Rational Optimist: Reversing extinction t.co/tO7C711c More

Noise versus signal

My latest Mind and Matter column in the Wall Street Journal:

 

Coral reefs around the world are suffering badly from overfishing and various forms of pollution. Yet many experts argue that the greatest threat to them is the acidification of the oceans from the dissolving of man-made carbon dioxide emissions.

The effect of acidification, according to J.E.N. Veron, an Australian coral scientist, will be "nothing less than catastrophic.... What were once thriving coral gardens that supported the greatest biodiversity of the marine realm will become red-black bacterial slime, and they will stay that way."

This is a common view. The Natural Resources Defense Council has called ocean acidification "the scariest environmental problem you've never heard of." Sigourney Weaver, who narrated a film about the issue, said that "the scientists are freaked out." The head of the National Oceanic and Atmospheric Administration calls it global warming's "equally evil twin."

But do the scientific data support such alarm? Last month scientists at San Diego's Scripps Institution of Oceanography and other authors published a study showing how much the pH level (measuring alkalinity versus acidity) varies naturally between parts of the ocean and at different times of the day, month and year.

"On both a monthly and annual scale, even the most stable open ocean sites see pH changes many times larger than the annual rate of acidification," say the authors of the study, adding that because good instruments to measure ocean pH have only recently been deployed, "this variation has been under-appreciated." Over coral reefs, the pH decline between dusk and dawn is almost half as much as the decrease in average pH expected over the next 100 years. The noise is greater than the signal.

Another recent study, by scientists from the U.K., Hawaii and Massachusetts, concluded that "marine and freshwater assemblages have always experienced variable pH conditions," and that "in many freshwater lakes, pH changes that are orders of magnitude greater than those projected for the 22nd-century oceans can occur over periods of hours."

This adds to other hints that the ocean-acidification problem may have been exaggerated.
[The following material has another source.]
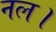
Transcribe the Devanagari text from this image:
नल।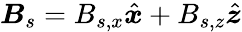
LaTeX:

For a start, the ocean is alkaline and in no danger of becoming acid (despite headlines like that from Reuters in 2009: "Climate Change Turning Seas Acid"). If the average pH of the ocean drops to 7.8 from 8.1 by 2100 as predicted, it will still be well above seven, the neutral point where alkalinity becomes acidity.

The central concern is that lower pH will make it harder for corals, clams and other "calcifier" creatures to make calcium carbonate skeletons and shells. Yet this concern also may be overstated. Off Papua New Guinea and the Italian island of Ischia, where natural carbon-dioxide bubbles from volcanic vents make the sea less alkaline, and off the Yucatan, where underwater springs make seawater actually acidic, studies have shown that at least some kinds of calcifiers still thrive—at least as far down as pH 7.8.

In a recent experiment in the Mediterranean, reported in Nature Climate Change, corals and mollusks were transplanted to lower pH sites, where they proved "able to calcify and grow at even faster than normal rates when exposed to the high [carbon-dioxide] levels projected for the next 300 years." In any case, freshwater mussels thrive in Scottish rivers, where the pH is as low as five.

Laboratory experiments find that more marine creatures thrive than suffer when carbon dioxide lowers the pH level to 7.8. This is because the carbon dioxide dissolves mainly as bicarbonate, which many calcifiers use as raw material for carbonate.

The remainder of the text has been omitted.